Globalement, l’enrobage graphique ne m’a pas non plus emballé. Heureusement qu’il s’agit d’un élément secondaire dans ce genre de jeu. Plus gênant, c’est l’iconographie et sa logique très… personnelle. Par exemple, les coûts sont indiqués généralement en noir tandis que les revenus sont en blanc, mais parfois apparaissent des nombres négatifs pour indiquer les coûts, sans que je n’ai pu trouver d’explications. Idem pour les effets des ports, parfois le symbole ancre est assorti d’un bateau et parfois non. Ce n’est pas gravissime dans l’absolu, on s’y fait, mais c’est confondant.
Une situation que l’on retrouve jusque dans les règles.

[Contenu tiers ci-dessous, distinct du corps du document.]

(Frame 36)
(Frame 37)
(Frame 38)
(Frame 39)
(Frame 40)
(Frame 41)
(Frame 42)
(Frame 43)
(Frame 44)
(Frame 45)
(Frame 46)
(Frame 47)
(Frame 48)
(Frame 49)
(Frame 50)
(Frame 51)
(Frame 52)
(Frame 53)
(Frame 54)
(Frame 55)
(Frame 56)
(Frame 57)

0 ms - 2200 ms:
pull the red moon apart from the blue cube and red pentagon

On y trouve des tournures de phrases sibyllines ou des éléments de jeux expliqués de diverses manières qui apportent plus de confusion que d’éclaircissement. Sans parler de la mise en page qui est parfois incompréhensible. Pourquoi avoir mis le mode solo en plein milieu du livret ?

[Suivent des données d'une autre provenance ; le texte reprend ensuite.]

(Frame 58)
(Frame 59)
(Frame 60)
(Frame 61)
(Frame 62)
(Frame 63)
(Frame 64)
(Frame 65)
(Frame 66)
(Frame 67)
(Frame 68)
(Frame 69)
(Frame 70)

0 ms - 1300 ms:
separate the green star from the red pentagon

Pour finir, avant d’aborder le jeu en lui-même, une petite remarque sur le matériel qui est à l’avenant de ce qui se fait de nos jours. C’est foisonnant, de qualité. On a même le droit aux fameux plateaux personnels double couche. Les amateurs aimeront, les râleurs râleront sur le prix qui ne cesse d’augmenter (ici supérieur à 50 euros).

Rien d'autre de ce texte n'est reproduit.